Tuve un momento en que me desconecté por unos segundos al escuchar esas palabras, las ideas comenzaron a vagar en mi mente, recordé el viaje, lo que hicimos, a donde fuimos y en donde estábamos ahora cuando regresé en mi para seguir escuchando a Daniel. Puedo aclarar que cada uno llevó una maleta, pero no más, no una guitarra, eso lo sabía. De nuevo comienzo a vagar en mis pensamientos y en hilar palabras, “cántenme una canción” “dinero para gasolina”, “guitarra” todo eso circuló en mi cabeza por algunos segundos y saqué conclusiones. Justo cuando entrelazaba esas ideas perdida en mis pensamientos escuche un golpe detrás de mi que casi me para el corazón. Era José que había cerrado la cajuela. José se subió a la camioneta junto con Daniel y arrancamos de nuevo.

No tengo que decir que todos ibamos atentos a ver si esta persona aparecia caminando a la orilla del camino pero lo único en lo que podía pensar en ese momento era en llegar a Bodoya, en ya no tener que bajar de la camioneta en otro lugar que no fuera la puerta de mi casa. Volteábamos hacia atrás, hacia los lados, buscando probablemente sin el afán de encontrar, alguna respuesta a lo que estaba pasando, pero nada de eso llegó y seguimos andando los kilómetros que nos separaban de Bodoya.

Al fin llegamos, pero aun faltaban algunas cosas por pasar...

Al fin y de nuevo con el puro olor de la gasolina llegamos a Bodoya. Nos dirigimos a casa de Cinthya. Una vez estacionados en casa de Cinthya todos bajamos, sentía las piernas dormidas, mi ánimo por los suelos, solo volteé a ver la cajuela de la camioneta, si alguien nos había hecho una broma lo había hecho muy bien. Los demás se veían igual que como yo me sentía, fríos, con el miedo en los ojos y las palabras hechas nudo. Cinthya nos pidió que pasáramos un momento a su casa a tomar algo y a calmarnos un poco.
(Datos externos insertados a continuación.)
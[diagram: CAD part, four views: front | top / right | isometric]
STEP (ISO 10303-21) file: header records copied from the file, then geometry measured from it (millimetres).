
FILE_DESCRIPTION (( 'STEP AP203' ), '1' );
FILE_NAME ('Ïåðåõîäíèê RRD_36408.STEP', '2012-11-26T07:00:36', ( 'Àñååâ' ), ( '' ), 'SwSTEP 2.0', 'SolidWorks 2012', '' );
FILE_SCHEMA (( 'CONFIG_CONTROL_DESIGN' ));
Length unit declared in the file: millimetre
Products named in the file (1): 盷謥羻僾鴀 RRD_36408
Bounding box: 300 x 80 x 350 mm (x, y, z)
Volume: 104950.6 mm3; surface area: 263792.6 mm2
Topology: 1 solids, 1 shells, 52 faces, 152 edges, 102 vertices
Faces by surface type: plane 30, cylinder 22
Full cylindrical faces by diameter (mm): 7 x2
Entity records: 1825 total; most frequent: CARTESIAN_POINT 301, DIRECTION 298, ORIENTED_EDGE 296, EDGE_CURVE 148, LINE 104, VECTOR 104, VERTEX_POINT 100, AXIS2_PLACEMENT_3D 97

Dentro de su casa hablamos por 1era y unica vez de esto los 6 juntos.

Despues decidimos irnos a nuestras casa, pero Daniel no se quiso llevar la guitarra a su casa por un comentario que yo hice insinuando que hariamos si la anciana regresaba por la guitarra.
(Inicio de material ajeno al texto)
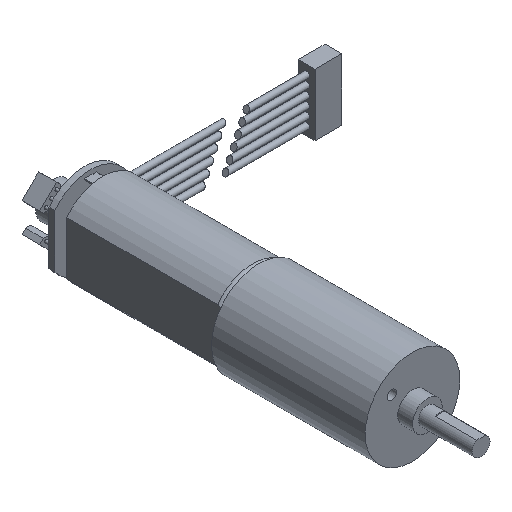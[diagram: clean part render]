
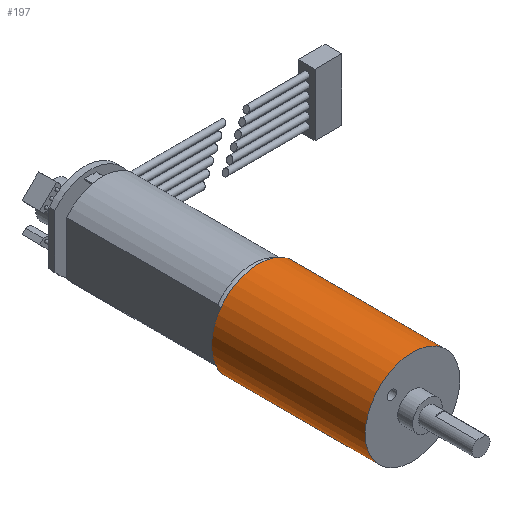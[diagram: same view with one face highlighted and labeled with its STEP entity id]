
A CAD part, isometric view. The second image highlights one B-rep face of the part: STEP entity #197.
In plain terms, the highlighted cylindrical face has radius 8 mm (diameter 16 mm), a full revolution.
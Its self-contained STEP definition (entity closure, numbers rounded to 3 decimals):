
#197 = ADVANCED_FACE( '', ( #466, #467 ), #468, .T. );
#466 = FACE_OUTER_BOUND( '', #828, .T. );
#467 = FACE_OUTER_BOUND( '', #829, .T. );
#468 = CYLINDRICAL_SURFACE( '', #830, 8. );
#828 = EDGE_LOOP( '', ( #1300 ) );
#829 = EDGE_LOOP( '', ( #1301 ) );
#830 = AXIS2_PLACEMENT_3D( '', #1302, #1303, #1304 );
#1300 = ORIENTED_EDGE( '', *, *, #1901, .F. );
#1301 = ORIENTED_EDGE( '', *, *, #1902, .T. );
#1302 = CARTESIAN_POINT( '', ( 0., 42.55, 0. ) );
#1303 = DIRECTION( '', ( 0., -1., 0. ) );
#1304 = DIRECTION( '', ( 0., 0., 1. ) );
#1901 = EDGE_CURVE( '', #2249, #2249, #2250, .T. );
#1902 = EDGE_CURVE( '', #2251, #2251, #2252, .T. );
#2249 = VERTEX_POINT( '', #2714 );
#2250 = CIRCLE( '', #2715, 8. );
#2251 = VERTEX_POINT( '', #2716 );
#2252 = CIRCLE( '', #2717, 8. );
#2714 = CARTESIAN_POINT( '', ( 0., 26., 8. ) );
#2715 = AXIS2_PLACEMENT_3D( '', #3143, #3144, #3145 );
#2716 = CARTESIAN_POINT( '', ( 0., 0., 8. ) );
#2717 = AXIS2_PLACEMENT_3D( '', #3146, #3147, #3148 );
#3143 = CARTESIAN_POINT( '', ( 0., 26., 0. ) );
#3144 = DIRECTION( '', ( 0., 1., 0. ) );
#3145 = DIRECTION( '', ( 0., 0., 1. ) );
#3146 = CARTESIAN_POINT( '', ( 0., 0., 0. ) );
#3147 = DIRECTION( '', ( 0., 1., 0. ) );
#3148 = DIRECTION( '', ( 0., 0., 1. ) );

Para no hacer el cuento largo decidimos irla a dejar al conservatorio, obviamente a esa hora estaria cerrado pero la dejariamos en el patio que da a la calle.
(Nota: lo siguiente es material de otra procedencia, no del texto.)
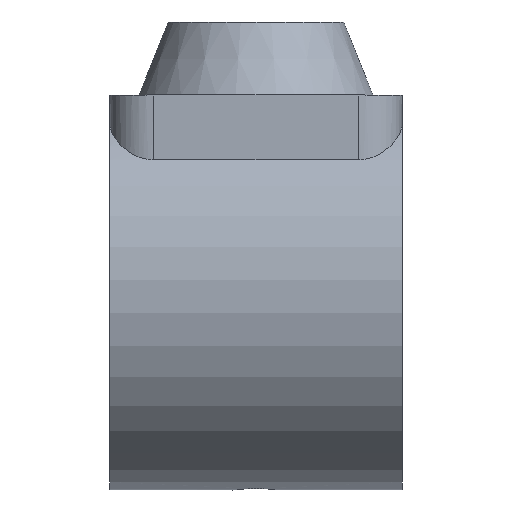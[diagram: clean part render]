
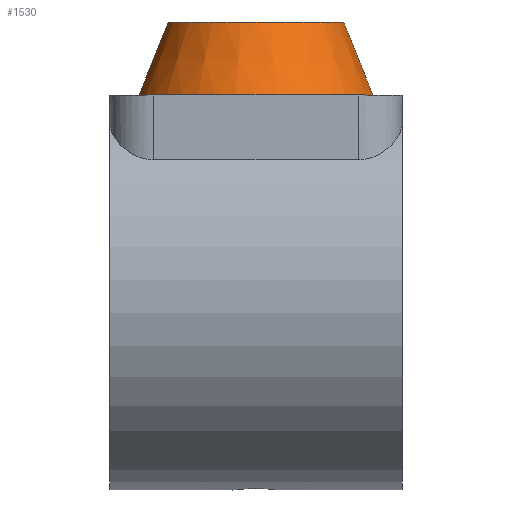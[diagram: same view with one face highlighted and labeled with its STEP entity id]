
A CAD part, top view. The second image highlights one B-rep face of the part: STEP entity #1530.
In plain terms, the highlighted conical face has half-angle 21.801 degrees and reference radius 8 mm.
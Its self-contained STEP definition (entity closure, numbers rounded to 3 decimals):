
#44 = PLANE('',#45);
#45 = AXIS2_PLACEMENT_3D('',#46,#47,#48);
#46 = CARTESIAN_POINT('',(0.,13.5,-10.));
#47 = DIRECTION('',(0.,1.,0.));
#48 = DIRECTION('',(0.,0.,1.));
#339 = EDGE_CURVE('',#340,#342,#344,.T.);
#340 = VERTEX_POINT('',#341);
#341 = CARTESIAN_POINT('',(2.,13.5,0.));
#342 = VERTEX_POINT('',#343);
#343 = CARTESIAN_POINT('',(18.,13.5,0.));
#344 = SURFACE_CURVE('',#345,(#350,#357),.PCURVE_S1.);
#345 = CIRCLE('',#346,8.);
#346 = AXIS2_PLACEMENT_3D('',#347,#348,#349);
#347 = CARTESIAN_POINT('',(10.,13.5,0.));
#348 = DIRECTION('',(-0.,1.,0.));
#349 = DIRECTION('',(1.,0.,0.));
#350 = PCURVE('',#44,#351);
#351 = DEFINITIONAL_REPRESENTATION('',(#352),#356);
#352 = CIRCLE('',#353,8.);
#353 = AXIS2_PLACEMENT_2D('',#354,#355);
#354 = CARTESIAN_POINT('',(10.,10.));
#355 = DIRECTION('',(0.,1.));
#356 = ( GEOMETRIC_REPRESENTATION_CONTEXT(2) 
PARAMETRIC_REPRESENTATION_CONTEXT() REPRESENTATION_CONTEXT('2D SPACE',''
  ) );
#357 = PCURVE('',#358,#363);
#358 = CONICAL_SURFACE('',#359,8.,0.381);
#359 = AXIS2_PLACEMENT_3D('',#360,#361,#362);
#360 = CARTESIAN_POINT('',(10.,13.5,0.));
#361 = DIRECTION('',(-0.,-1.,0.));
#362 = DIRECTION('',(1.,0.,0.));
#363 = DEFINITIONAL_REPRESENTATION('',(#364),#368);
#364 = LINE('',#365,#366);
#365 = CARTESIAN_POINT('',(-0.,-0.));
#366 = VECTOR('',#367,1.);
#367 = DIRECTION('',(-1.,-0.));
#368 = ( GEOMETRIC_REPRESENTATION_CONTEXT(2) 
PARAMETRIC_REPRESENTATION_CONTEXT() REPRESENTATION_CONTEXT('2D SPACE',''
  ) );
#370 = EDGE_CURVE('',#342,#340,#371,.T.);
#371 = SURFACE_CURVE('',#372,(#377,#384),.PCURVE_S1.);
#372 = CIRCLE('',#373,8.);
#373 = AXIS2_PLACEMENT_3D('',#374,#375,#376);
#374 = CARTESIAN_POINT('',(10.,13.5,0.));
#375 = DIRECTION('',(-0.,1.,0.));
#376 = DIRECTION('',(1.,0.,0.));
#377 = PCURVE('',#44,#378);
#378 = DEFINITIONAL_REPRESENTATION('',(#379),#383);
#379 = CIRCLE('',#380,8.);
#380 = AXIS2_PLACEMENT_2D('',#381,#382);
#381 = CARTESIAN_POINT('',(10.,10.));
#382 = DIRECTION('',(0.,1.));
#383 = ( GEOMETRIC_REPRESENTATION_CONTEXT(2) 
PARAMETRIC_REPRESENTATION_CONTEXT() REPRESENTATION_CONTEXT('2D SPACE',''
  ) );
#384 = PCURVE('',#358,#385);
#385 = DEFINITIONAL_REPRESENTATION('',(#386),#390);
#386 = LINE('',#387,#388);
#387 = CARTESIAN_POINT('',(-0.,-0.));
#388 = VECTOR('',#389,1.);
#389 = DIRECTION('',(-1.,-0.));
#390 = ( GEOMETRIC_REPRESENTATION_CONTEXT(2) 
PARAMETRIC_REPRESENTATION_CONTEXT() REPRESENTATION_CONTEXT('2D SPACE',''
  ) );
#1530 = ADVANCED_FACE('',(#1531),#358,.T.);
#1531 = FACE_BOUND('',#1532,.T.);
#1532 = EDGE_LOOP('',(#1533,#1556,#1583,#1584,#1585));
#1533 = ORIENTED_EDGE('',*,*,#1534,.T.);
#1534 = EDGE_CURVE('',#342,#1535,#1537,.T.);
#1535 = VERTEX_POINT('',#1536);
#1536 = CARTESIAN_POINT('',(16.,18.5,0.));
#1537 = SEAM_CURVE('',#1538,(#1542,#1549),.PCURVE_S1.);
#1538 = LINE('',#1539,#1540);
#1539 = CARTESIAN_POINT('',(18.,13.5,0.));
#1540 = VECTOR('',#1541,1.);
#1541 = DIRECTION('',(-0.371,0.928,0.)
  );
#1542 = PCURVE('',#358,#1543);
#1543 = DEFINITIONAL_REPRESENTATION('',(#1544),#1548);
#1544 = LINE('',#1545,#1546);
#1545 = CARTESIAN_POINT('',(-6.283,0.));
#1546 = VECTOR('',#1547,1.);
#1547 = DIRECTION('',(-0.,-1.));
#1548 = ( GEOMETRIC_REPRESENTATION_CONTEXT(2) 
PARAMETRIC_REPRESENTATION_CONTEXT() REPRESENTATION_CONTEXT('2D SPACE',''
  ) );
#1549 = PCURVE('',#358,#1550);
#1550 = DEFINITIONAL_REPRESENTATION('',(#1551),#1555);
#1551 = LINE('',#1552,#1553);
#1552 = CARTESIAN_POINT('',(0.,-0.));
#1553 = VECTOR('',#1554,1.);
#1554 = DIRECTION('',(-0.,-1.));
#1555 = ( GEOMETRIC_REPRESENTATION_CONTEXT(2) 
PARAMETRIC_REPRESENTATION_CONTEXT() REPRESENTATION_CONTEXT('2D SPACE',''
  ) );
#1556 = ORIENTED_EDGE('',*,*,#1557,.F.);
#1557 = EDGE_CURVE('',#1535,#1535,#1558,.T.);
#1558 = SURFACE_CURVE('',#1559,(#1564,#1571),.PCURVE_S1.);
#1559 = CIRCLE('',#1560,6.);
#1560 = AXIS2_PLACEMENT_3D('',#1561,#1562,#1563);
#1561 = CARTESIAN_POINT('',(10.,18.5,0.));
#1562 = DIRECTION('',(-0.,1.,0.));
#1563 = DIRECTION('',(1.,0.,0.));
#1564 = PCURVE('',#358,#1565);
#1565 = DEFINITIONAL_REPRESENTATION('',(#1566),#1570);
#1566 = LINE('',#1567,#1568);
#1567 = CARTESIAN_POINT('',(-0.,-5.));
#1568 = VECTOR('',#1569,1.);
#1569 = DIRECTION('',(-1.,-0.));
#1570 = ( GEOMETRIC_REPRESENTATION_CONTEXT(2) 
PARAMETRIC_REPRESENTATION_CONTEXT() REPRESENTATION_CONTEXT('2D SPACE',''
  ) );
#1571 = PCURVE('',#1572,#1577);
#1572 = PLANE('',#1573);
#1573 = AXIS2_PLACEMENT_3D('',#1574,#1575,#1576);
#1574 = CARTESIAN_POINT('',(10.,18.5,0.));
#1575 = DIRECTION('',(0.,1.,0.));
#1576 = DIRECTION('',(1.,0.,0.));
#1577 = DEFINITIONAL_REPRESENTATION('',(#1578),#1582);
#1578 = CIRCLE('',#1579,6.);
#1579 = AXIS2_PLACEMENT_2D('',#1580,#1581);
#1580 = CARTESIAN_POINT('',(0.,0.));
#1581 = DIRECTION('',(1.,0.));
#1582 = ( GEOMETRIC_REPRESENTATION_CONTEXT(2) 
PARAMETRIC_REPRESENTATION_CONTEXT() REPRESENTATION_CONTEXT('2D SPACE',''
  ) );
#1583 = ORIENTED_EDGE('',*,*,#1534,.F.);
#1584 = ORIENTED_EDGE('',*,*,#370,.T.);
#1585 = ORIENTED_EDGE('',*,*,#339,.T.);

Fuimos José, Daniel, Roberto y yo, Cnthya se quedó en su casa y a Odeth la pasamos a dejar antes de ir al conservatorio.

Ya ahí Jose y Daniel se saltaron la reja y entre Roberto y yo les pasamos la guitarra que no cabia entre las rejas. Con un poco de problemas lo logramos, la dejaron en una esquina, Roberto y yo nos regresamos a la camioneta cuando vemos que Daniel y José se brincan la reja, se suben a la camioneta, de pronto lo que terminó por vencerme piscologicamente, una persona viene caminando por la banqueta, abre la reja y se mete al conservatorio, era ella...

Ha pasado ya mucho tiempo de esto pero mis recuerdos siguen intactos. No pienso describir aqui todo lo que sucedio despues. Con muy pocas personas he hablado del asunto. A raíz de lo sucedido las cosas entre mi grupo de amigos comenzaron a cambiar, se dio un distanciamiento, las parejas terminaron y cada quien tomó su camino, un camino que hasta el día de hoy no nos ha vuelto a llevar al mismo lugar, pero creo que así es la vida, días después de lo sucedido nos reunimos y prometimos nunca hablar de lo ocurrido y parece ser que esa promesa llegó aun mas lejos cuando nunca mas nos volvimos a reunir los 6. Coincidencias? Casualidades? El hecho es que aunque mis amigos lo nieguen, lo sucedido marcó una línea en nuestra relación, un antes y un después.

Dedicado a mis amigos que junto conmigo vivieron esta experiencia.